Target Date: 2024-06-25 @ 9AM Singapore Time, 1AM GMT, 6PM Pacific.
Order was via parent task T348064.
cp50(1[789]|2[01234] are text hosts.
This will be worked on with @RobH as on-site engineer and @ssingh
This task is a copy of ulsfo nvme task T364891.
== Scheduling ==
Target Date: 2024-06-25 @ 9AM Singapore Time, 1AM GMT, 6PM Pacific.
Scope: Full depool
Assumptions: it takes roughly 1 hour to depool a site without significant user impact. If it takes longer, the 9AM start time must shift forward, or our scheduled work by the on-site must shift from 11AM to later in the day, subject to traffic approval.
Cadence:
* SSDs arrive, Rob updates this task with their arrival.
* Rob generates quote with Jin@DreamIIC for Jin to install as remote hands.
* Rob and Suhkbir (with Jin) determine best date for SSD installation and set/announce a maintenance window.
* Suhkbir depools all traffic from eqsin on scheduled date.
* Rob goes on-site, graceful shut down on each cp host and installs the PCIe SSD and then powers them back up.
* Suhkbir & Rob ensure all hosts are back online and accessible.
* Suhkbir re-pools eqsin for user traffic
* Suhkbir/Traffic will reimage the upgraded text CP hosts individually while site is serving traffic. This will take place over the course of days, and not within the intial work maintenance window.
== Communication ==
Rob will create a google hangout room with Jin, @robh, @ssingh, and @fabfur. This will allow #traffic to communicate directly with both Rob and Jin at the same time, as Jin does not have IRC.
Jin is highly responsive via google hangout during onsite work.
== Action checklist ==
- [ ] Depool eqsin DC and verify traffic is switched to codfw (at least 4h before scheduled intervention)
- [ ] Downtime impacted hosts to be ready for power off
- Extra: silence/ack eventual other alerts
- [ ] Power off impacted hosts
- [ ] New SSD installation and hosts power on
- [ ] Verify host health and ATS cache (without using the new NVMe disk).
- run puppet agent
- Check that metrics are ok in grafana
- Check Icinga status (all green for the host)
- Check with `lsblk` and `nvme list` that the new disk is visible and has the correct naming (`nvme1n1`)
- Check ATS status (`traffic_server -C check`)
- Check for "sure hit" on ATS: `curl -vv -H 'Host: en.wikipedia.org' http://localhost:3128/wiki/Main_Page -o /dev/null`
- Check for both first miss and subsequent hit (eg. issuing two requests like `curl -vv -H 'Host: en.wikipedia.org' http://localhost:3128/wiki/Caffe1ne -o /dev/null` and checking the X-Cache-Status value)

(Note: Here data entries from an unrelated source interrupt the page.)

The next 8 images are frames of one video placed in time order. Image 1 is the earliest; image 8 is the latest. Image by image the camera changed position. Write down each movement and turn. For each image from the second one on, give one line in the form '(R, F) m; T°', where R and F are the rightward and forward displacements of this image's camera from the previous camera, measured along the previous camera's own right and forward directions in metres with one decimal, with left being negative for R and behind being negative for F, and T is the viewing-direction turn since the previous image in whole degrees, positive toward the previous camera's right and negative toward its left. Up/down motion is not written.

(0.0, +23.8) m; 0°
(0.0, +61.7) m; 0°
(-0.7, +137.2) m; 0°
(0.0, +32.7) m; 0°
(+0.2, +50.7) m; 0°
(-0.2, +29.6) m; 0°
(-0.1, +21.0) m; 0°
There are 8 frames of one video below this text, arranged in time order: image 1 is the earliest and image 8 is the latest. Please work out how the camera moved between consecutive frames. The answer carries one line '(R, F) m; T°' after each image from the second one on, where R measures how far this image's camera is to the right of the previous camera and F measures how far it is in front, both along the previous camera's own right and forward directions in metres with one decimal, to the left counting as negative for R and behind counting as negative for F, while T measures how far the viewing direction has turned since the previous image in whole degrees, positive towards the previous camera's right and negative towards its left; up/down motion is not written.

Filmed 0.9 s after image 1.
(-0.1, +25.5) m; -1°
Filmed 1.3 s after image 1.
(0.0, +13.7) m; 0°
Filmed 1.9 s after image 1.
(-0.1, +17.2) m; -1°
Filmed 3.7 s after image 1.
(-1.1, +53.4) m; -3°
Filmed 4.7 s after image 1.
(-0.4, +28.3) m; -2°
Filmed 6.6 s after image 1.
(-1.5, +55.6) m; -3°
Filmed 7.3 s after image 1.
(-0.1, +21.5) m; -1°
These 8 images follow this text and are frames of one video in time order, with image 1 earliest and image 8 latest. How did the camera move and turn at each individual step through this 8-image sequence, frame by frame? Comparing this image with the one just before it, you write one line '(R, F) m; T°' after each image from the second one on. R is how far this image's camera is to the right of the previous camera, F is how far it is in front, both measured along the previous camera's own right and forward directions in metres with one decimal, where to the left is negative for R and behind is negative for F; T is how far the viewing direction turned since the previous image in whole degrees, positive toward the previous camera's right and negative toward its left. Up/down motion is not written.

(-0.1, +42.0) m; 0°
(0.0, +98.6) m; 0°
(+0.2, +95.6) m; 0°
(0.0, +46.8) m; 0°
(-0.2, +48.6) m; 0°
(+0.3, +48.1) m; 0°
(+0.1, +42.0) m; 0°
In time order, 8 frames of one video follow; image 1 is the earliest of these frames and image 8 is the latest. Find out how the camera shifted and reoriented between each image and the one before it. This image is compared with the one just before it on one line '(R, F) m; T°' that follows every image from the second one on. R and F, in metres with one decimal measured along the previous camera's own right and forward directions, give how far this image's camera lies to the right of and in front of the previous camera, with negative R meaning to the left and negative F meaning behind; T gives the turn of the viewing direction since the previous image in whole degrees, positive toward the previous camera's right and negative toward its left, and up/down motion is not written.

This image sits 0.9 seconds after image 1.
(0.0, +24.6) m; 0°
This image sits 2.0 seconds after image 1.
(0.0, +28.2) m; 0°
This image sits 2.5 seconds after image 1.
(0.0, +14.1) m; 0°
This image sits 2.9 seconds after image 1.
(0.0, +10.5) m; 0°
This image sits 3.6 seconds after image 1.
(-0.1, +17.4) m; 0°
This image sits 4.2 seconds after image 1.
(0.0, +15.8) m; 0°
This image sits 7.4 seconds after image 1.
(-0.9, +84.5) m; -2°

- [ ] Remove downtime for hosts
- [ ] Removed downtime from alertmanager
- [ ] Manually repooled hosts with `conftool` (auto depooled by PyBal?)
- [ ] Repool eqsin DC and verify the traffic
- [ ] (in the next days) Merge the hiera config to add new disk, host by host, and reimage hosts one by one with appropriate interval to help warm cache.
- [ ] cp7037
- [ ] cp7038
- [ ] cp7039
- [ ] cp7040
- [ ] cp7041
- [ ] cp7042
- [ ] cp7043
- [ ] cp7044
- [ ] Remove custom hiera overrides and make it for whole eqsin DC
== Reimaging Process ==
- Depool host you are going to work on
- Merge patch in the patchset
- Merge on Puppet master
- Run the reimaging cookbook
- Check if everything is fine after reimaging: Icinga, disks
- Pool host back